On les faisait feutrer par le moulin à foulon. Et la laize, pour la berlinge, était réduite de 1 m. 10 à 0 m. 80; pour la garrerie, on se contentait d’une demi-foule, 0 m. 90. Rajeuni par son plaisir, Francis Bedel décrit son moulin, son installation. Qui croirait que cet homme, dans la force de l’âge, parle d’un domaine ruiné, d’un matériel archaïque, d’une profession dont on ne peut plus reconstituer les rites qu’en regardant les planches de l’Encyclopédie ?

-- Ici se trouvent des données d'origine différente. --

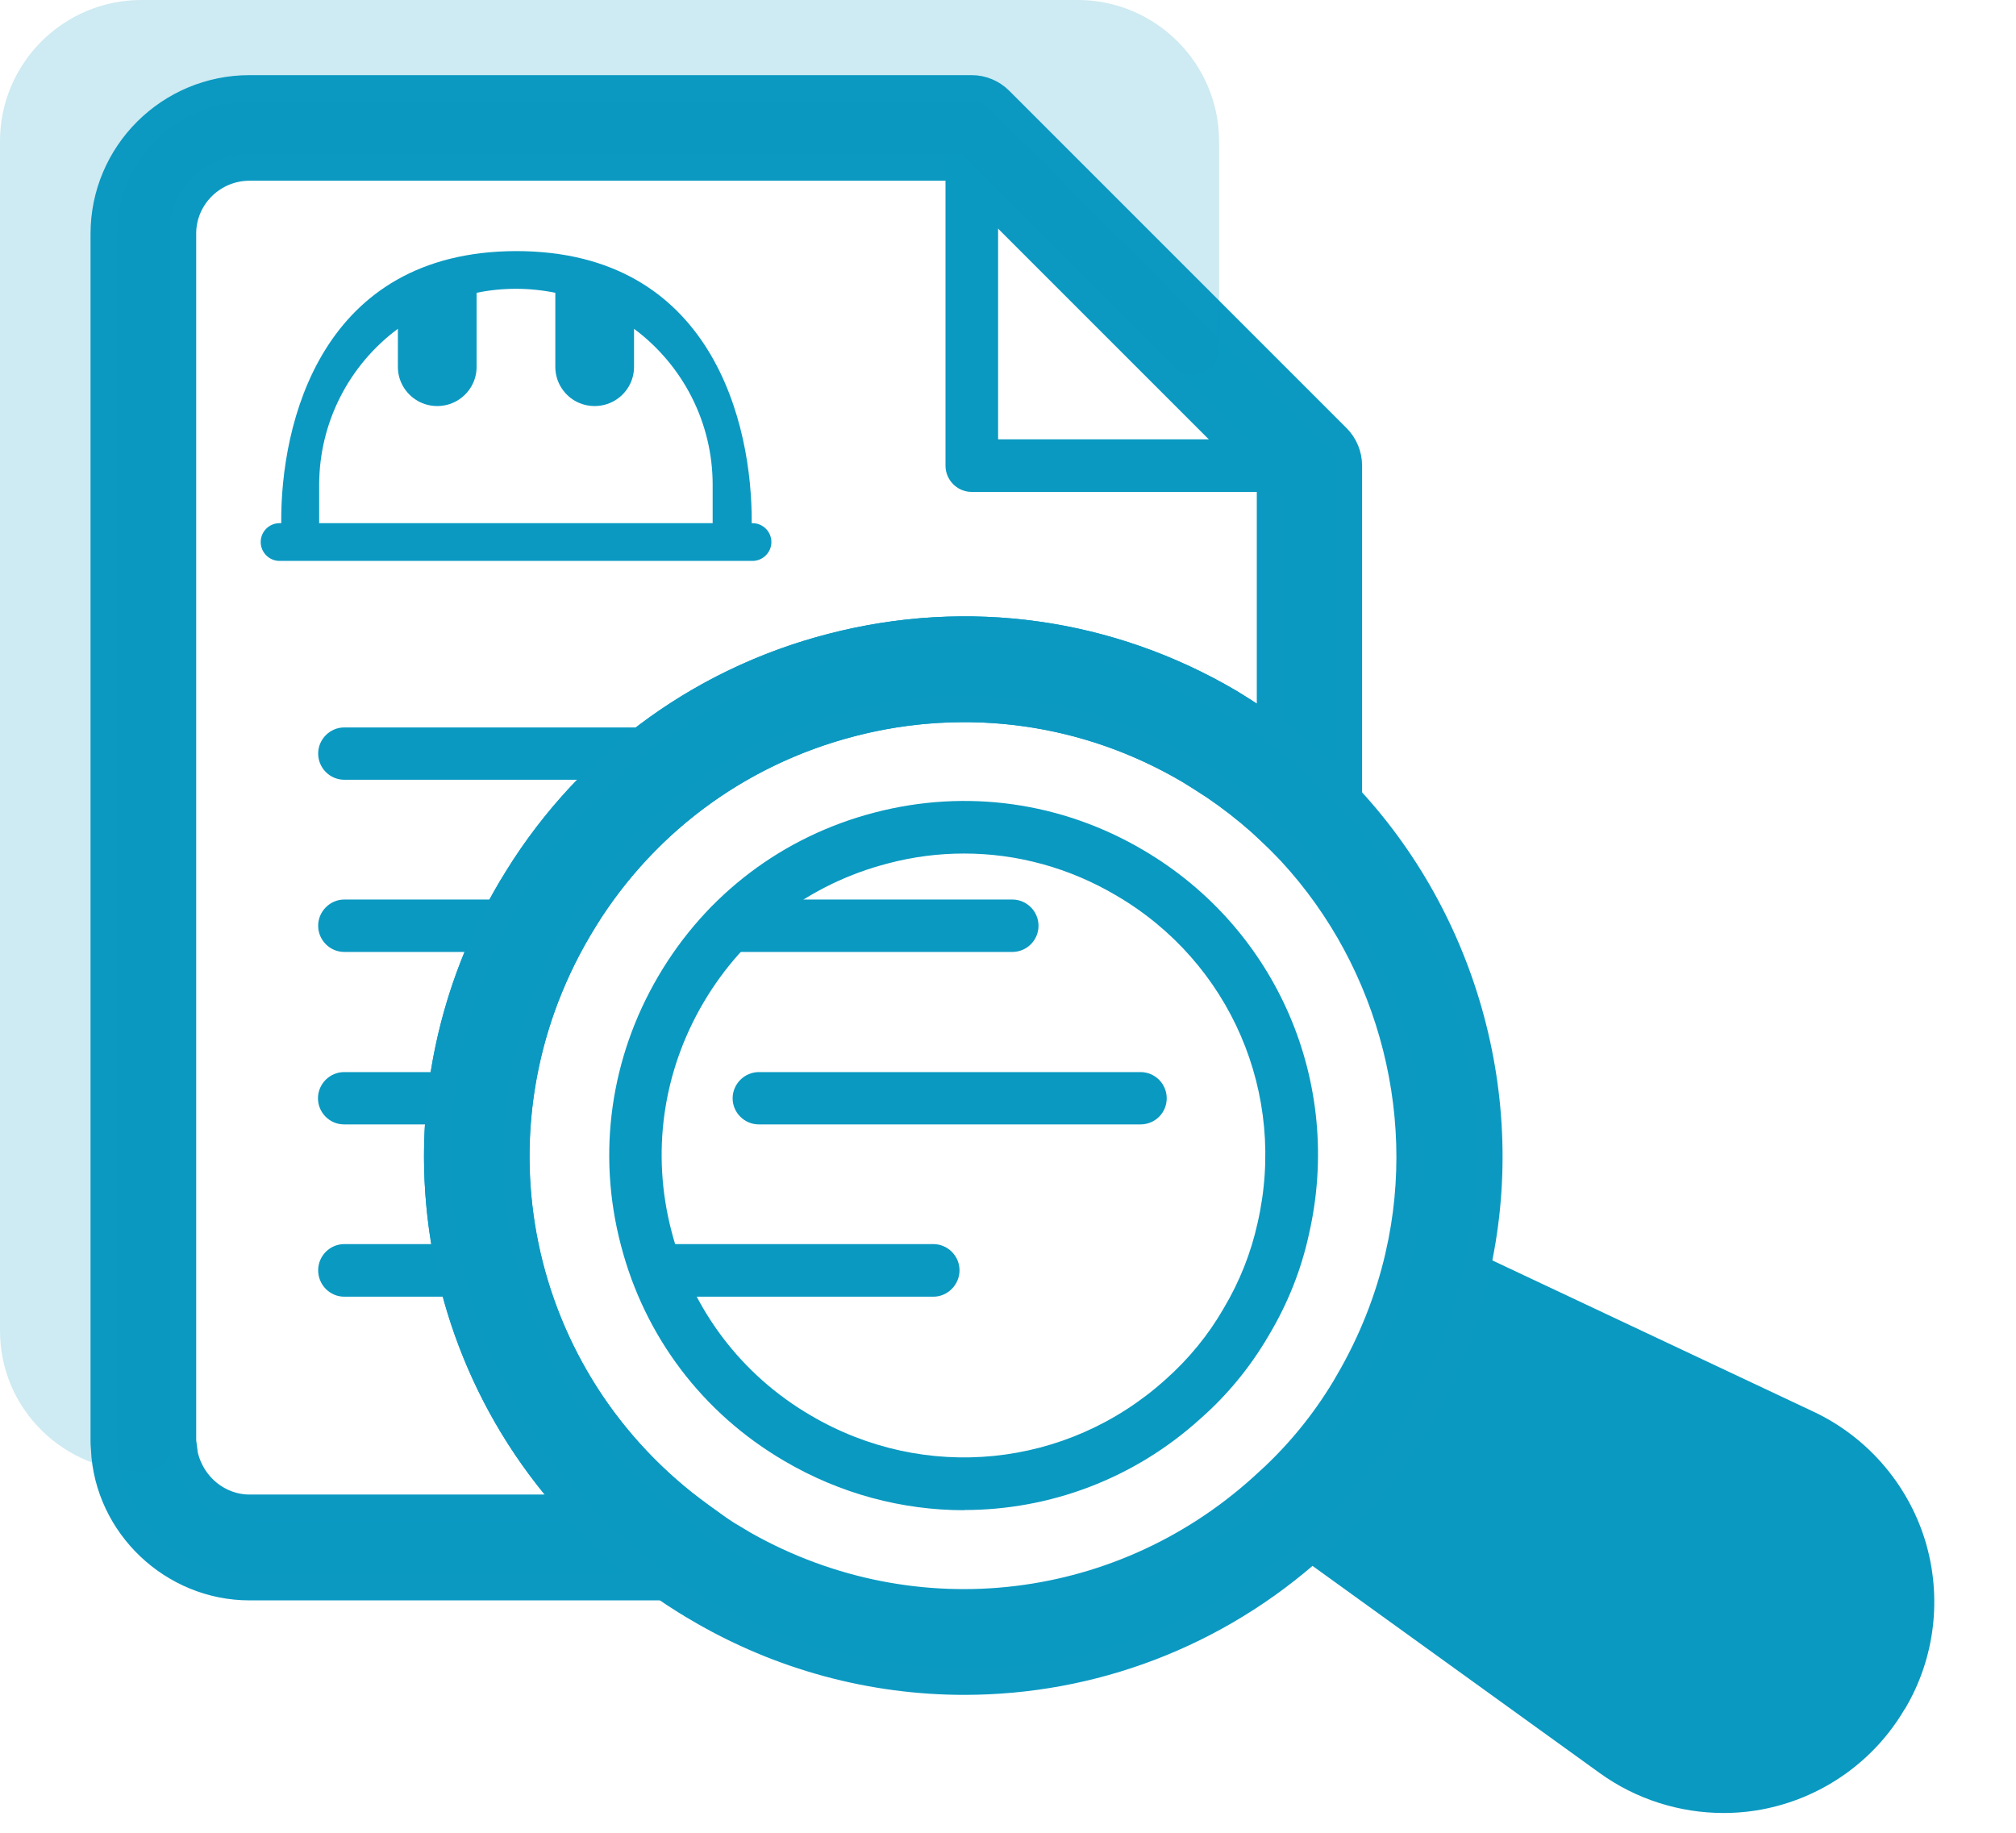 <svg width="22" height="20" viewBox="0 0 22 20" fill="none" xmlns="http://www.w3.org/2000/svg">
<path d="M10.604 0.965C10.72 0.965 10.829 1.012 10.909 1.091L14.593 4.775C14.673 4.855 14.719 4.967 14.719 5.08V8.882C14.719 9.057 14.614 9.216 14.451 9.283C14.291 9.348 14.105 9.313 13.981 9.187L13.754 8.972C13.597 8.833 13.43 8.703 13.253 8.583L12.981 8.41C11.861 7.75 10.55 7.566 9.293 7.893C8.033 8.22 6.975 9.016 6.315 10.138V10.139C5.035 12.313 5.606 15.06 7.643 16.538H7.642C7.795 16.647 7.858 16.843 7.802 17.02C7.745 17.201 7.575 17.319 7.391 17.319H2.724C1.884 17.319 1.178 16.648 1.137 15.814L1.138 15.813C1.134 15.776 1.133 15.747 1.133 15.73V2.552C1.133 1.676 1.846 0.965 2.724 0.965H10.604ZM2.724 1.827C2.322 1.827 1.996 2.151 1.996 2.549V15.725L2.016 15.877C2.094 16.216 2.388 16.454 2.724 16.454H6.263C4.597 14.633 4.27 11.91 5.573 9.7C6.349 8.381 7.594 7.439 9.078 7.056C10.561 6.673 12.105 6.888 13.424 7.666C13.575 7.755 13.72 7.853 13.86 7.954V5.258L10.429 1.827H2.724Z" fill="#0A99C1" stroke="#0B99C2" stroke-width="0.29"/>
<path d="M14.288 5.368H10.604C10.446 5.368 10.318 5.238 10.318 5.082V1.398C10.318 1.282 10.389 1.178 10.496 1.134C10.604 1.09 10.727 1.115 10.809 1.196L14.493 4.88C14.576 4.964 14.598 5.085 14.556 5.192C14.51 5.298 14.407 5.368 14.29 5.368H14.288ZM10.892 4.794H13.596L10.892 2.088V4.794Z" fill="#0A99C1"/>
<path d="M7.534 8.509H3.757C3.599 8.509 3.472 8.379 3.472 8.223C3.472 8.067 3.601 7.938 3.757 7.938H7.534C7.692 7.938 7.82 8.067 7.82 8.223C7.82 8.379 7.69 8.509 7.534 8.509Z" fill="#0A99C1"/>
<path d="M11.047 10.388H7.961C7.802 10.388 7.675 10.258 7.675 10.102C7.675 9.946 7.804 9.816 7.961 9.816H11.047C11.205 9.816 11.333 9.946 11.333 10.102C11.333 10.26 11.205 10.388 11.047 10.388Z" fill="#0A99C1"/>
<path d="M5.83 10.388H3.757C3.599 10.388 3.472 10.258 3.472 10.102C3.472 9.946 3.601 9.816 3.757 9.816H5.83C5.989 9.816 6.116 9.946 6.116 10.102C6.116 10.258 5.986 10.388 5.83 10.388Z" fill="#0A99C1"/>
<path d="M12.446 12.27H8.281C8.123 12.27 7.995 12.141 7.995 11.985C7.995 11.828 8.125 11.699 8.281 11.699H12.446C12.605 11.699 12.732 11.828 12.732 11.985C12.732 12.143 12.605 12.27 12.446 12.27Z" fill="#0A99C1"/>
<path d="M5.248 12.27H3.755C3.597 12.27 3.47 12.141 3.47 11.985C3.47 11.828 3.599 11.699 3.755 11.699H5.248C5.406 11.699 5.534 11.828 5.534 11.985C5.534 12.143 5.406 12.27 5.248 12.27Z" fill="#0A99C1"/>
<path d="M10.185 14.15H7.165C7.006 14.15 6.879 14.02 6.879 13.862C6.879 13.704 7.009 13.576 7.165 13.576H10.185C10.343 13.576 10.471 13.706 10.471 13.862C10.471 14.018 10.343 14.15 10.185 14.15Z" fill="#0A99C1"/>
<path d="M5.364 14.15H3.757C3.599 14.15 3.472 14.02 3.472 13.862C3.472 13.704 3.601 13.576 3.757 13.576H5.364C5.523 13.576 5.65 13.706 5.65 13.862C5.65 14.022 5.523 14.15 5.364 14.15Z" fill="#0A99C1"/>
<path opacity="0.2" d="M13.303 1.541V3.805C13.303 3.919 13.235 4.027 13.128 4.069C13.02 4.115 12.895 4.091 12.815 4.007L10.49 1.682H2.721C2.24 1.682 1.849 2.073 1.849 2.55V15.73C1.868 15.814 1.849 15.895 1.796 15.963C1.739 16.031 1.655 16.06 1.565 16.06C0.692 16.06 0 15.372 0 14.521V1.541C0 0.692 0.692 0 1.543 0H11.76C12.611 0 13.303 0.692 13.303 1.541Z" fill="#0A99C1"/>
<path d="M20.787 18.647C20.461 19.206 19.912 19.601 19.279 19.735C19.125 19.768 18.967 19.784 18.808 19.784C18.329 19.784 17.854 19.634 17.461 19.351L13.895 16.779C13.827 16.731 13.781 16.649 13.777 16.561C13.772 16.473 13.807 16.39 13.873 16.331C14.26 15.99 14.586 15.592 14.841 15.152C15.102 14.708 15.291 14.229 15.408 13.726C15.428 13.642 15.485 13.572 15.562 13.534C15.643 13.497 15.729 13.497 15.81 13.53L19.782 15.401C20.367 15.673 20.815 16.186 21.007 16.805C21.196 17.423 21.119 18.091 20.789 18.647H20.787Z" fill="#0A99C1"/>
<path d="M10.521 16.48C9.848 16.48 9.169 16.302 8.558 15.942C7.667 15.421 7.034 14.585 6.775 13.585C6.513 12.585 6.661 11.541 7.186 10.649C7.709 9.758 8.547 9.125 9.547 8.866C10.545 8.606 11.587 8.752 12.477 9.277C13.937 10.134 14.662 11.82 14.284 13.469C14.2 13.856 14.053 14.225 13.847 14.57C13.649 14.911 13.398 15.219 13.101 15.48C12.374 16.14 11.453 16.478 10.521 16.478V16.48ZM10.521 9.314C10.244 9.314 9.965 9.349 9.69 9.422C8.839 9.642 8.125 10.18 7.678 10.939C7.23 11.699 7.105 12.587 7.329 13.44C7.549 14.289 8.089 15.003 8.846 15.445C10.092 16.179 11.646 16.021 12.719 15.054C12.972 14.829 13.185 14.57 13.352 14.28C13.528 13.985 13.651 13.673 13.723 13.348C14.047 11.939 13.429 10.503 12.185 9.774C11.672 9.47 11.099 9.314 10.521 9.314Z" fill="#0A99C1"/>
<path d="M9.079 7.057C10.563 6.672 12.106 6.888 13.425 7.666L13.744 7.869C14.056 8.08 14.342 8.318 14.6 8.579C15.969 9.964 16.546 11.998 16.108 13.888C15.977 14.461 15.759 15.007 15.464 15.513L15.463 15.512C15.169 16.02 14.795 16.477 14.351 16.87C13.271 17.848 11.905 18.35 10.524 18.35H10.523C9.523 18.35 8.517 18.087 7.608 17.55V17.549C7.435 17.449 7.277 17.346 7.131 17.23C4.74 15.498 4.066 12.257 5.574 9.7L5.726 9.457C6.507 8.265 7.688 7.416 9.079 7.057ZM10.524 7.736C10.114 7.736 9.702 7.786 9.292 7.893C8.111 8.199 7.107 8.918 6.442 9.932L6.314 10.139C5.073 12.245 5.571 14.89 7.455 16.396L7.642 16.539L7.645 16.541L7.835 16.676C7.9 16.72 7.968 16.762 8.041 16.805V16.806C9.884 17.893 12.186 17.66 13.773 16.227L13.774 16.226L13.912 16.099C14.229 15.797 14.498 15.454 14.714 15.08V15.079C14.966 14.647 15.152 14.182 15.263 13.696V13.695C15.632 12.09 15.14 10.363 13.979 9.187V9.186C13.687 8.892 13.352 8.63 12.98 8.41C12.225 7.964 11.38 7.736 10.524 7.736Z" fill="#0A99C1" stroke="#0B99C2" stroke-width="0.29"/>
<path d="M5.632 2.74C7.77 2.74 8.212 4.621 8.203 5.709H8.212C8.325 5.709 8.418 5.801 8.418 5.915C8.418 6.028 8.325 6.121 8.212 6.121H3.051C2.937 6.121 2.845 6.028 2.845 5.915C2.845 5.801 2.937 5.709 3.051 5.709H3.069C3.06 4.623 3.501 2.745 5.632 2.74ZM6.06 3.195C5.776 3.137 5.484 3.137 5.201 3.195V4.004C5.201 4.157 5.119 4.297 4.986 4.374C4.854 4.45 4.689 4.45 4.557 4.374C4.424 4.297 4.342 4.157 4.342 4.004V3.588C3.803 3.988 3.486 4.615 3.483 5.283V5.709H7.777V5.283C7.775 4.615 7.457 3.988 6.919 3.588V4.004C6.919 4.157 6.837 4.297 6.704 4.374C6.571 4.45 6.407 4.45 6.274 4.374C6.142 4.297 6.06 4.157 6.06 4.004V3.195Z" fill="#0B99C2"/>
</svg>

– Notre appareillage était entièrement construit en bois. D’abord, la roue qui communiquait avec le marbre, une énorme pièce de chêne qui, par des pales, soulevait les verges : deux verges de 3 mètres à 3m. 50 de longueur et d’une épaisseur de 0 m. 18 au carré, taillées dans un seul tronc d’arbre. Ces deux verges s’appuyaient au tréteau porteverges, et elles portaient les pilons. Deux gros pilons, qui pesaient 50 kilos chacun, et qui étalent munis de 3 dents. La longueur de ces dents, le foulonnier devait la régler lui-même selon son goût : 0 m. 50 la plus grande, 0 m. 40 la moyenne et 0 m. 30 la petite, celle qui devait crocher le moins dur. Les pilons tombaient dans une cuve hémisphérique, creusée d’une seule pièce. Elle faisait 2 mètres de longueur et 1 m. 10 de largeur. Légèrement penchée, elle paraissait en faux-aplomb.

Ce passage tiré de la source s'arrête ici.